Based on the Olivier Award-nominated play, Ghost Stories is at once an old-fashioned British horror flick and yet very much not what you expect. The premise sees professional debunker Professor Phillip Goodman (co-writer/director Nyman) summoned by his hero in the field to solve the three cases he never could. Cue a trilogy of ghostly tales as told to Goodman by each subject as he seeks to find, as ever, a perfectly normal explanation.

The first, which sees Whitehouse’s nightwatchman in a derelict lunatic asylum haunted by something unseen in the dark, is actually the creepiest and most effective as a stand-alone story. Next, we get Lawther dialling up the crazed, desperate paranoia of his Black Mirror appearance to 11 as a young man disturbed by a car breakdown from hell. And lastly, Freeman’s wealthy businessman who appears to have a poltergeist in his luxury home.

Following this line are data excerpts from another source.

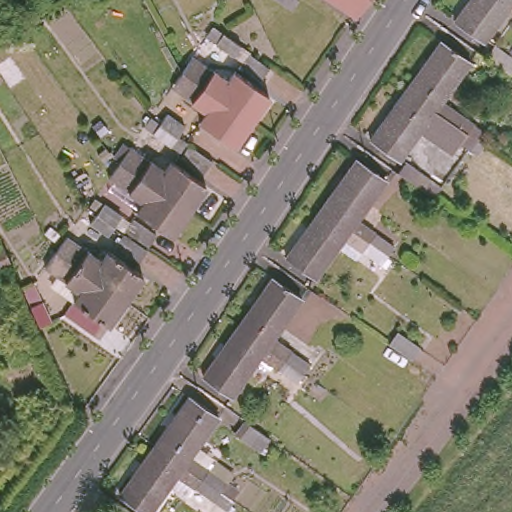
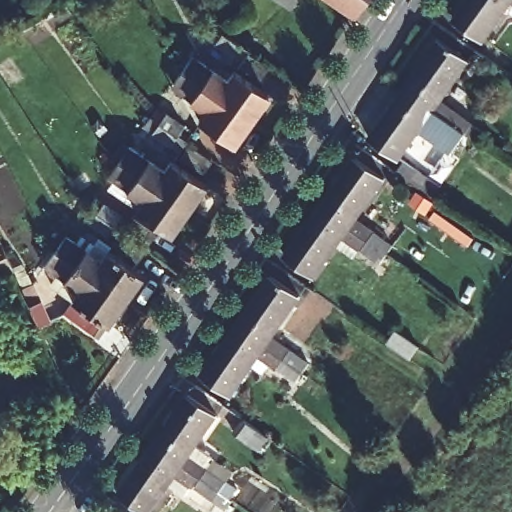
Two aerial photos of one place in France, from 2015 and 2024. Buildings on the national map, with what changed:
unchanged [(356,11),(340,0),(364,0),(356,11)]
unchanged [(481,36),(451,15),(463,0),(507,0),(481,36)]
unchanged [(402,84),(437,35),(467,57),(438,96),(448,103),(477,125),(471,134),(402,84)]
unchanged [(237,48),(231,56),(215,44),(220,36),(237,48)]
unchanged [(272,64),(261,77),(242,64),(253,50),(272,64)]
unchanged [(194,54),(230,78),(236,70),(270,94),(253,117),(183,69),(194,54)]
unchanged [(253,117),(235,142),(201,119),(208,109),(172,84),(183,69),(253,117)]
unchanged [(465,144),(435,121),(425,115),(396,155),(367,133),(402,84),(471,134),(465,144)]
unchanged [(150,135),(156,125),(163,115),(180,128),(173,137),(166,147),(150,135)]
unchanged [(126,142),(161,167),(167,159),(201,183),(185,206),(115,157),(126,142)]
unchanged [(208,160),(200,171),(176,155),(185,143),(208,160)]
unchanged [(317,202),(352,152),(382,174),(354,212),(365,220),(393,242),(386,252),(317,202)]
unchanged [(185,206),(166,232),(132,209),(140,199),(105,172),(115,157),(185,206)]
unchanged [(380,261),(350,240),(340,232),(312,272),(282,251),(317,202),(386,252),(380,261)]
unchanged [(86,225),(93,215),(100,205),(117,218),(110,227),(103,237),(86,225)]
unchanged [(152,233),(143,245),(119,229),(128,215),(152,233)]
unchanged [(68,232),(103,257),(110,248),(144,272),(126,296),(57,247),(68,232)]
unchanged [(108,323),(75,298),(81,289),(47,264),(46,263),(57,247),(126,296),(108,323)]
unchanged [(6,263),(9,270),(0,274),(0,250),(6,263)]
unchanged [(273,348),(234,321),(269,271),(298,292),(270,331),(280,338),(309,359),(302,367),(273,348)]
unchanged [(46,325),(36,330),(27,311),(37,306),(46,325)]
unchanged [(90,320),(80,332),(61,318),(70,306),(90,320)]
unchanged [(295,377),(267,357),(257,350),(228,391),(200,370),(234,321),(273,348),(302,367),(295,377)]
unchanged [(416,353),(408,365),(385,348),(393,337),(416,353)]
unchanged [(151,440),(186,390),(215,411),(186,450),(196,457),(225,478),(218,487),(151,440)]
unchanged [(212,496),(183,476),(173,470),(145,510),(116,490),(151,440),(218,487),(212,496)]

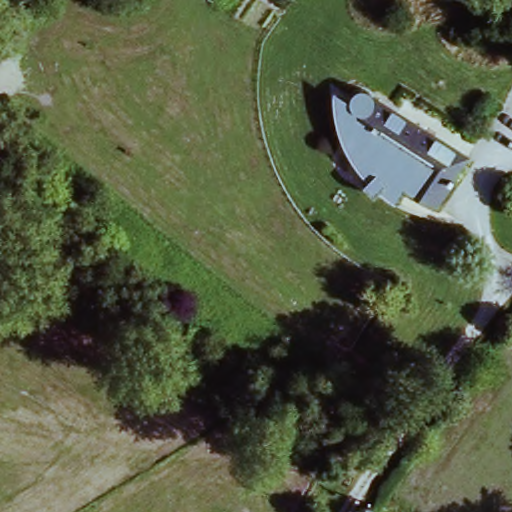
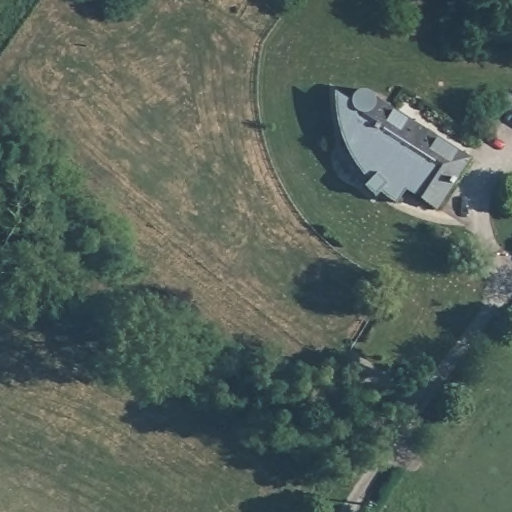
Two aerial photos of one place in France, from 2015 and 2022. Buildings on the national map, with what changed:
unchanged [(440,204),(410,184),(401,198),(385,188),(380,194),(370,184),(375,180),(350,138),(345,127),(343,117),(354,100),(378,96),(470,156),(440,204)]

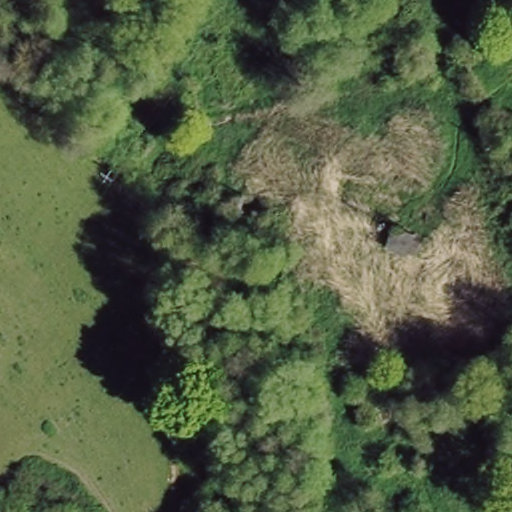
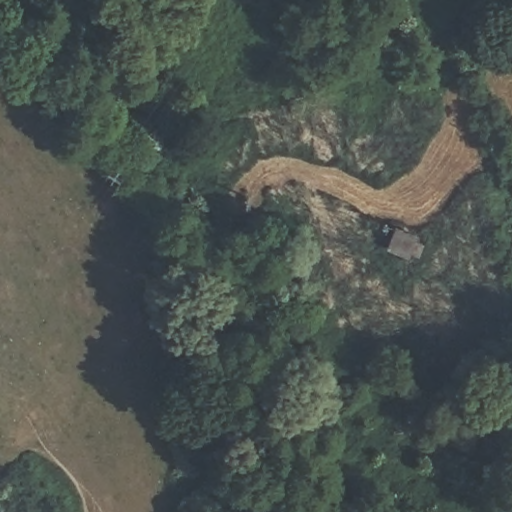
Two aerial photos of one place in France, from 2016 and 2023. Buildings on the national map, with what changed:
unchanged [(395,228),(415,237),(407,257),(402,255),(399,262),(388,257),(391,251),(385,249),(395,228)]

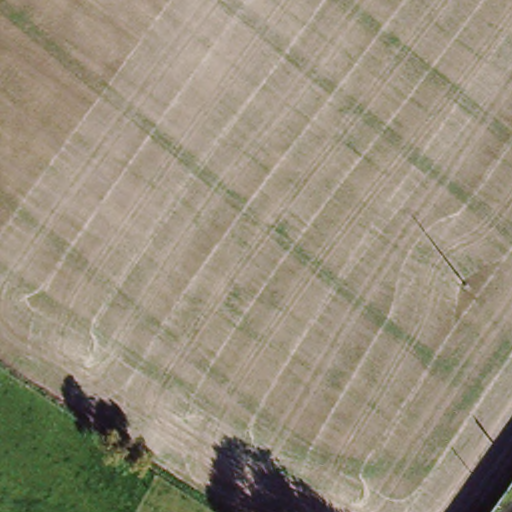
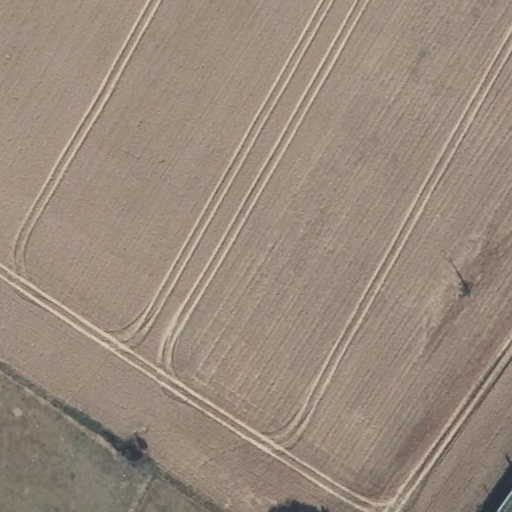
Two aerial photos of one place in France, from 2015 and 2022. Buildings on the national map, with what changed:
[]

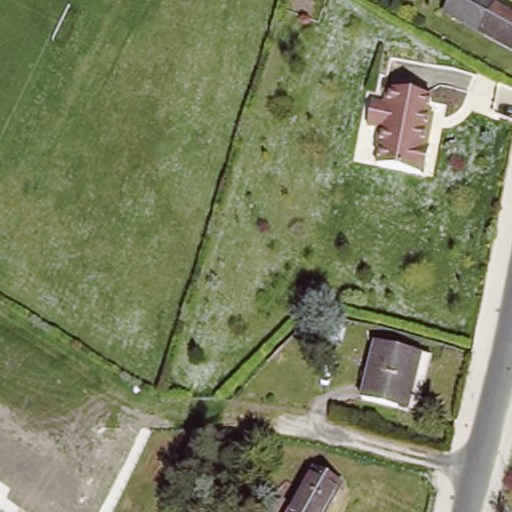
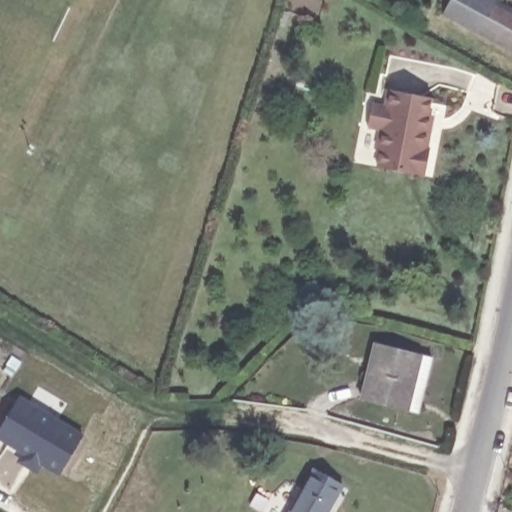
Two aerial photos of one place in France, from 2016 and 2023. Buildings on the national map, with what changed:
unchanged [(447,13),(455,0),(495,0),(512,10),(512,48),(447,13)]
unchanged [(432,134),(428,149),(432,150),(427,178),(394,171),(377,168),(382,150),(377,149),(382,132),(368,128),(374,106),(386,108),(389,92),(434,100),(428,133),(432,134)]
unchanged [(419,415),(361,401),(375,346),(432,361),(419,415)]
new [(84,435),(60,476),(42,464),(35,474),(17,461),(21,453),(0,440),(0,427),(19,395),(84,435)]
unchanged [(290,512),(315,467),(342,482),(325,512),(290,512)]

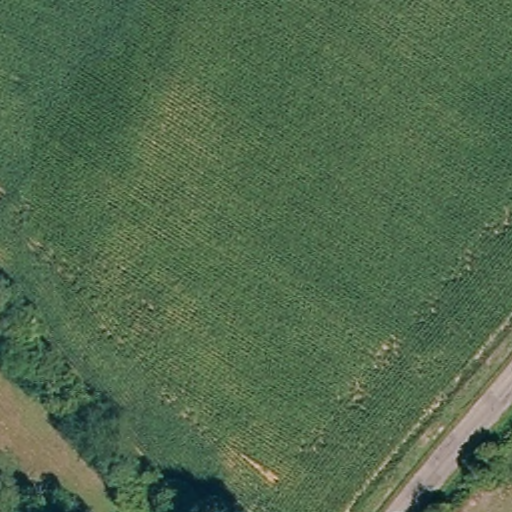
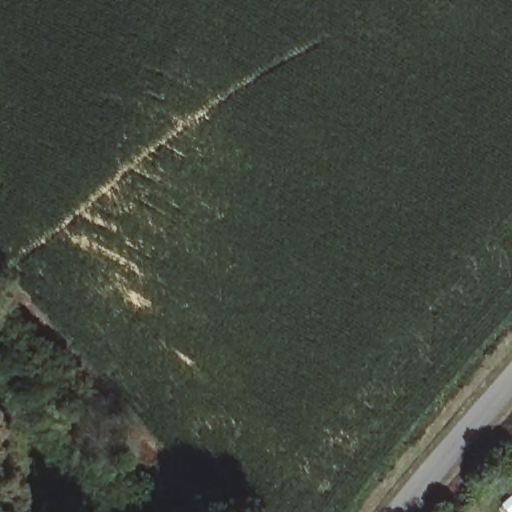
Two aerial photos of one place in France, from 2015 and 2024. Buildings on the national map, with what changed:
[]

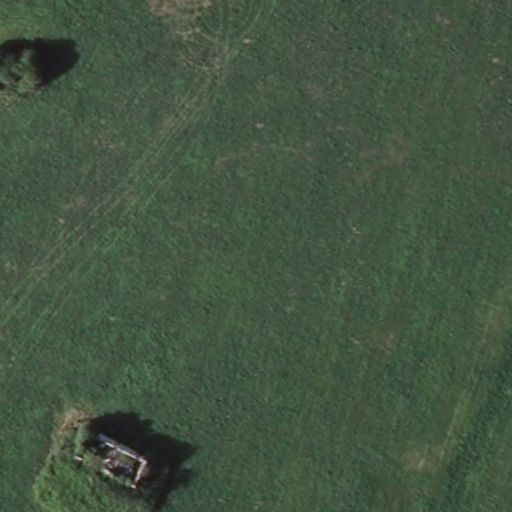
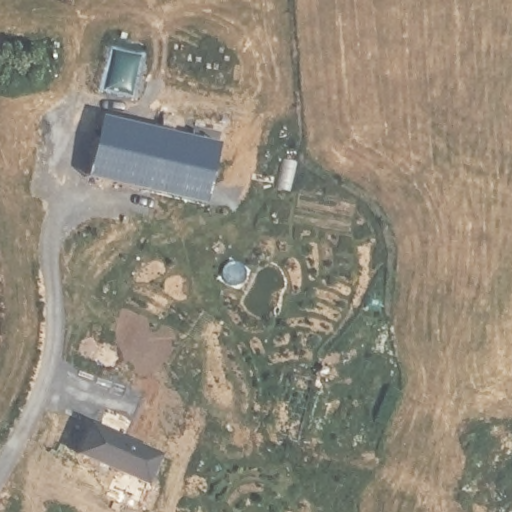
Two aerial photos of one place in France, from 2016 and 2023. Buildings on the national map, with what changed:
new [(40,82),(0,89),(0,61),(35,55),(40,82)]
new [(191,137),(193,129),(216,134),(200,204),(87,179),(101,116),(191,137)]
unchanged [(89,424),(154,455),(143,480),(76,450),(89,424)]

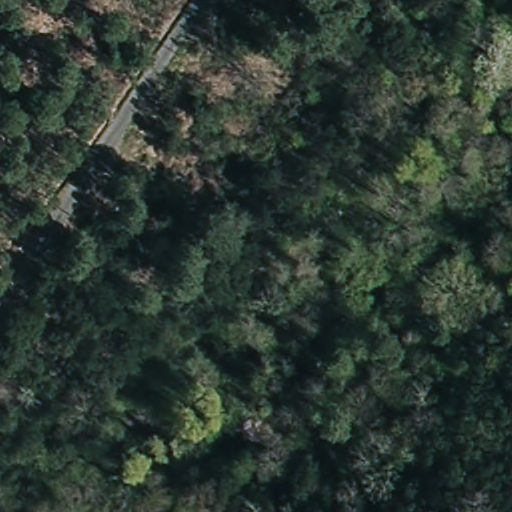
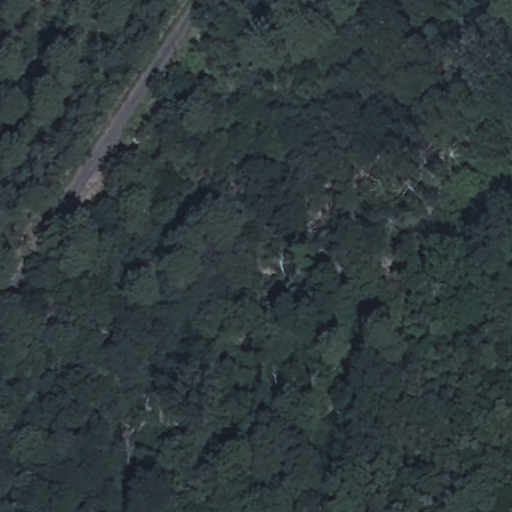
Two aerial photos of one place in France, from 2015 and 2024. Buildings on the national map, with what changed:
unchanged [(350,9),(342,29),(318,19),(325,0),(328,0),(350,9)]

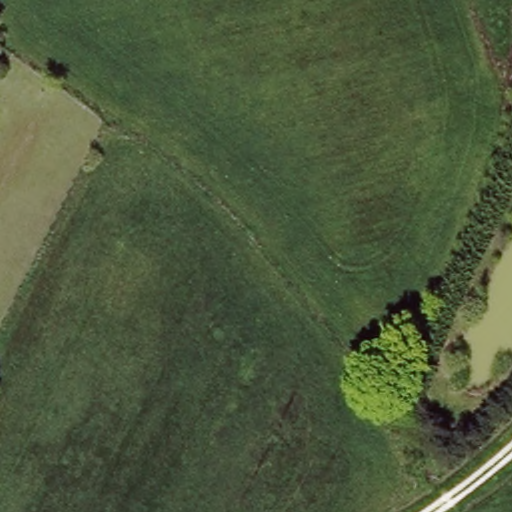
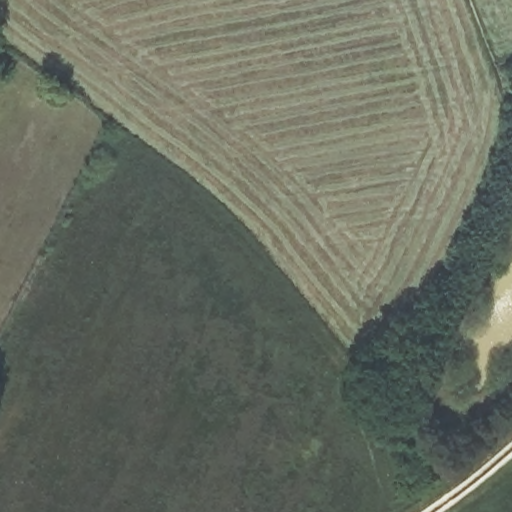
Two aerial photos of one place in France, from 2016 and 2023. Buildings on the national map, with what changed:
[]

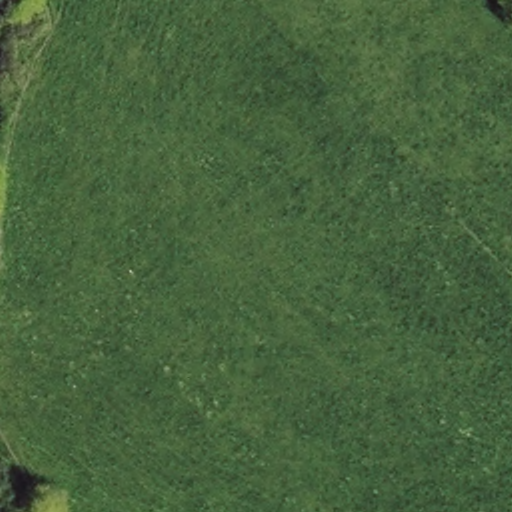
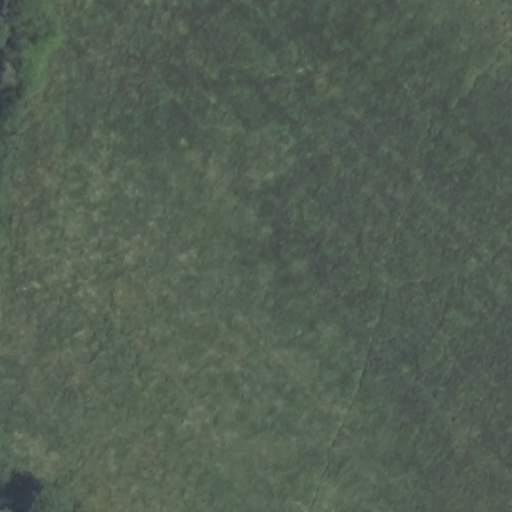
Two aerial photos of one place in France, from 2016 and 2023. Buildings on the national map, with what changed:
[]

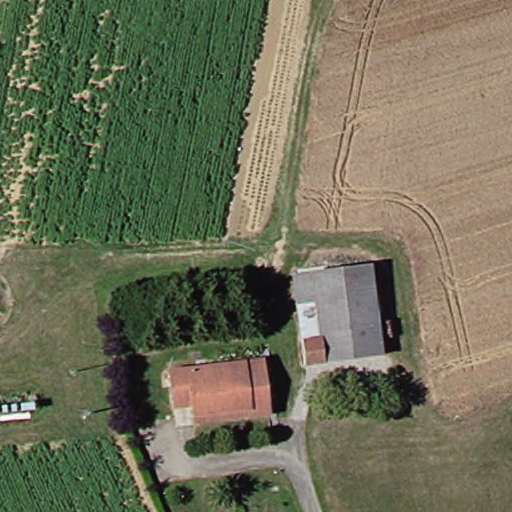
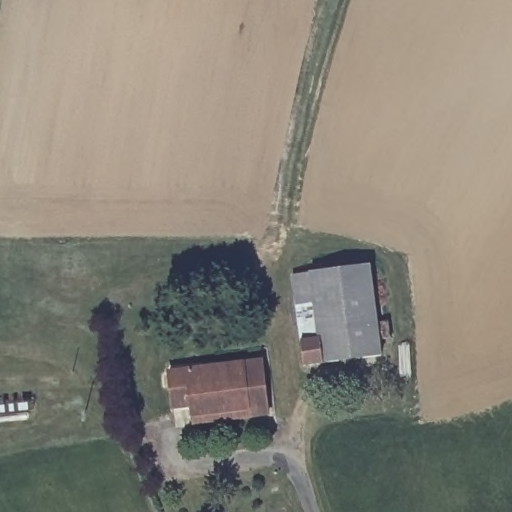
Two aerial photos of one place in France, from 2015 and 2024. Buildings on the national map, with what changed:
unchanged [(371,268),(377,324),(391,323),(392,341),(380,342),(381,355),(306,364),(304,343),(325,340),(318,272),(371,268)]
unchanged [(318,272),(325,340),(304,343),(296,276),(318,272)]
unchanged [(190,412),(190,405),(169,406),(168,370),(264,365),(267,422),(247,422),(191,424),(190,412)]

In each, many traditional horror tropes are present and correct, but – while not wholly subverting them – Dyson and Nyman affectionately pay homage and poke fun. There are a few (nervous) laughs to be had, but the film is strongest when playing it straight.

While on the face of it an anthology of spooky set-pieces, Ghost Stories becomes an altogether different beast in its final act. By the end, the apparent clichés, non-sequiturs and plot holes which at the time might have been scoffed at are given explanations and new meanings. You’ll want to watch this again to spot the clues drip-fed throughout.

Sometimes betraying its stage roots, with an episodic structure, the same men who created it as a piece of theatre have done a good job of making this a more cinematic offering. Come for some neat jump scares, a game cast and a rug-pull finale – stay for the examination of the rational versus the supernatural.

RATING: 4/5


INFORMATION

CAST: Martin Freeman, Alex Lawther, Andy Nyman, Paul Whitehouse

DIRECTORS: Jeremy Dyson, Andy Nyman

WRITERS: Jeremy Dyson, Andy Nyman

SYNOPSIS: Phillip Goodman, professor of psychology and arch-skeptic, has his rationality tested to the hilt when he meets three haunted people, each with a tale more frightening and inexplicable than the last.